# My "I'm sick of being sick and lonely" haul/first haul of 09



## brokenxbeauty (Jan 5, 2009)

This is probably my biggest haul yet! The MA that helped me was really nice, and I feel like I got a lot for my money.
It definitely put me in a better mood! 
	

	
	
		
		

		
			










I got:
Penultimate liner from the Chill collection (after hearing you all raving about it!)
Dame blush
Springsheen blush
Golden bronzing powder
Woodwinked e/s
Vanilla e/s
Brun e/s
Shroom e/s
168 brush
Viva Glam V


----------



## Corvs Queen (Jan 5, 2009)

Which Viva Glam lipstick is that? Great haul. I just love Dame. 
	

	
	
		
		

		
		
	


	




 Glad you're feeling better.


----------



## brokenxbeauty (Jan 5, 2009)

Oh man, I knew I'd end up forgetting something! It's Viva Glam V.
And thank you!


----------



## Cinfulgirl (Jan 5, 2009)

Great Haul!
Enjoy everything


----------



## n_c (Jan 5, 2009)

Oh you got great stuff! Enjoy


----------



## nunu (Jan 5, 2009)

enjoy your goodies!


----------



## M.A.C. head. (Jan 5, 2009)

Doesn't hauling make you feel so damn good?!

Great stuff!

How are you liking the Penultimate? I was really excited about mine, but I don't like it 
	

	
	
		
		

		
		
	


	




 Maybe I'm doing it wrong.


----------



## imacami21 (Jan 5, 2009)

Viva Glam V is def one of my faves!

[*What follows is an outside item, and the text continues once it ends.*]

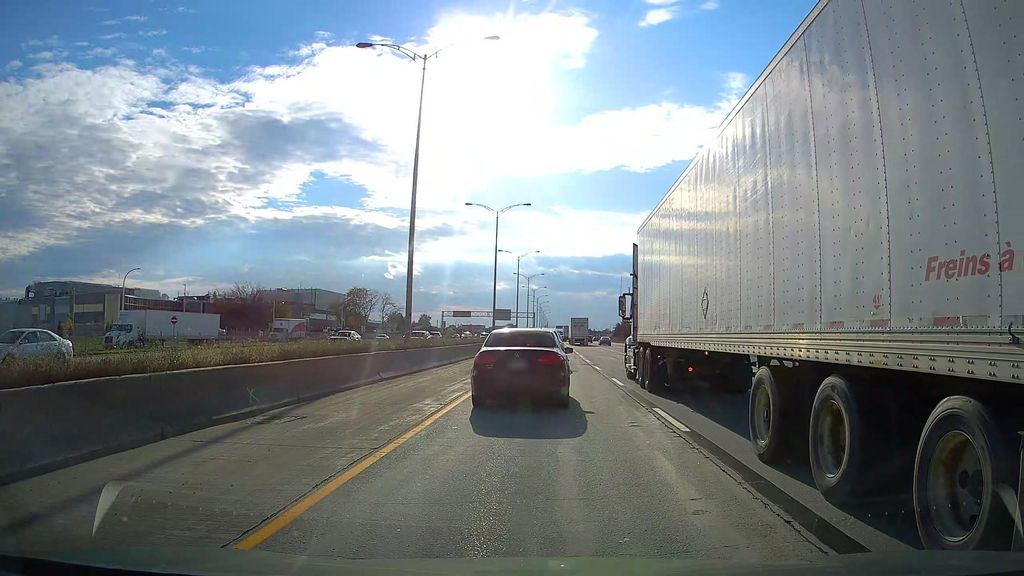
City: montreal

Good pick [: I'm glad you feel better. It's quite crazy how shopping can cheer a girl up [;


----------



## ClaireAvril (Jan 5, 2009)

MAC will always make you feel better. Enjoy the hot stuff!


----------



## lushious_lips (Jan 5, 2009)

Nice haul.


----------



## ohnutsitsCAITY (Jan 5, 2009)

o0o0o nice haul! springsheen is so pretty!


----------



## blessed11 (Jan 5, 2009)

Great haul! I <3 Viva Glam V l/s


----------



## AdlersMommy22 (Jan 6, 2009)

mmmm you got some AWESOME staples!!!! Im about to get my 168 in the mail and im sooo excited! do you love it?!?! Ive been contouring with my 190 which isn't working so great... LOL


----------



## AdlersMommy22 (Jan 6, 2009)

mmmm you got some AWESOME staples!!!! Im about to get my 168 in the mail and im sooo excited! do you love it?!?! Ive been contouring with my 190 which isn't working so great... LOL


----------



## brokenxbeauty (Jan 6, 2009)

Quote:

   Originally Posted by *M.A.C. head.* 

 
_Doesn't hauling make you feel so damn good?!

Great stuff!

How are you liking the Penultimate? I was really excited about mine, but I don't like it 
	

	
	
		
		

		
		
	


	




 Maybe I'm doing it wrong. 
	

	
	
		
		

		
		
	


	


_

 
I used it for the first time today, and I'm not sure about it yet. I think I just made my line too big and wasn't super excited about my look today, which would have to do with my application skills, not the liner. Haha, I'll let you know what I think after a few more tries. 

 Quote:

   Originally Posted by *AdlersMommy22* 

 
_mmmm you got some AWESOME staples!!!! Im about to get my 168 in the mail and im sooo excited! do you love it?!?! Ive been contouring with my 190 which isn't working so great... LOL_

 
I've only used it to apply blush so far. I haven't tried contouring yet, but that's the main reason I bought this brush, so I'm hoping I'll love it (and not look completely terrible my first try at contouring, lol!)


----------



## hawaii02 (Jan 8, 2009)

Springsheen is on my list..let us know how you like it


----------



## christineeee_ (Jan 8, 2009)

nice haul!


----------



## CGBee (Jan 11, 2009)

very nice haul.


----------



## FL0WER P0WER (Jan 12, 2009)

love your eye shadows, have fun with them!


----------



## brokenxbeauty (Jan 16, 2009)

Quote:

   Originally Posted by *hawaii02* 

 
_Springsheen is on my list..let us know how you like it 
	

	
	
		
		

		
		
	


	


_

 
Love it! One of the prettiest colors ever.
And the 168 is grrreat, everyone should get one. ;]


----------



## fadedillusions (Jan 16, 2009)

great way to start the year, that's for sure! enjoy


----------



## 916_chick (Jan 18, 2009)

Great Haul


----------



## chocedition (Jan 18, 2009)

Good job on the haul!! Enjoy your new goodies Hope you are better.


----------



## L1LMAMAJ (Feb 9, 2009)

love those shades! i have viva glam V and i love it. i'm sure you'll love it too!


----------



## CfromParis (Feb 9, 2009)

Nice haul! I really like the e/s you picked


----------



## Lotte (Feb 10, 2009)

Nice Haul !

I'm getting Viva Glam V as well, it's beautiful !


----------



## kay_411 (Feb 22, 2009)

viva glam V, hmmm


----------



## charmaine 82 (Feb 23, 2009)

sweet haul...like it esp ur blushes


----------



## M!$$_BLinG (Feb 23, 2009)

awesome haul
enjoy


----------



## BaDKiTTy69 (Feb 23, 2009)

Great haul! Enjoy!


----------



## BloopBloop (Feb 28, 2009)

viva glam v is <3333


----------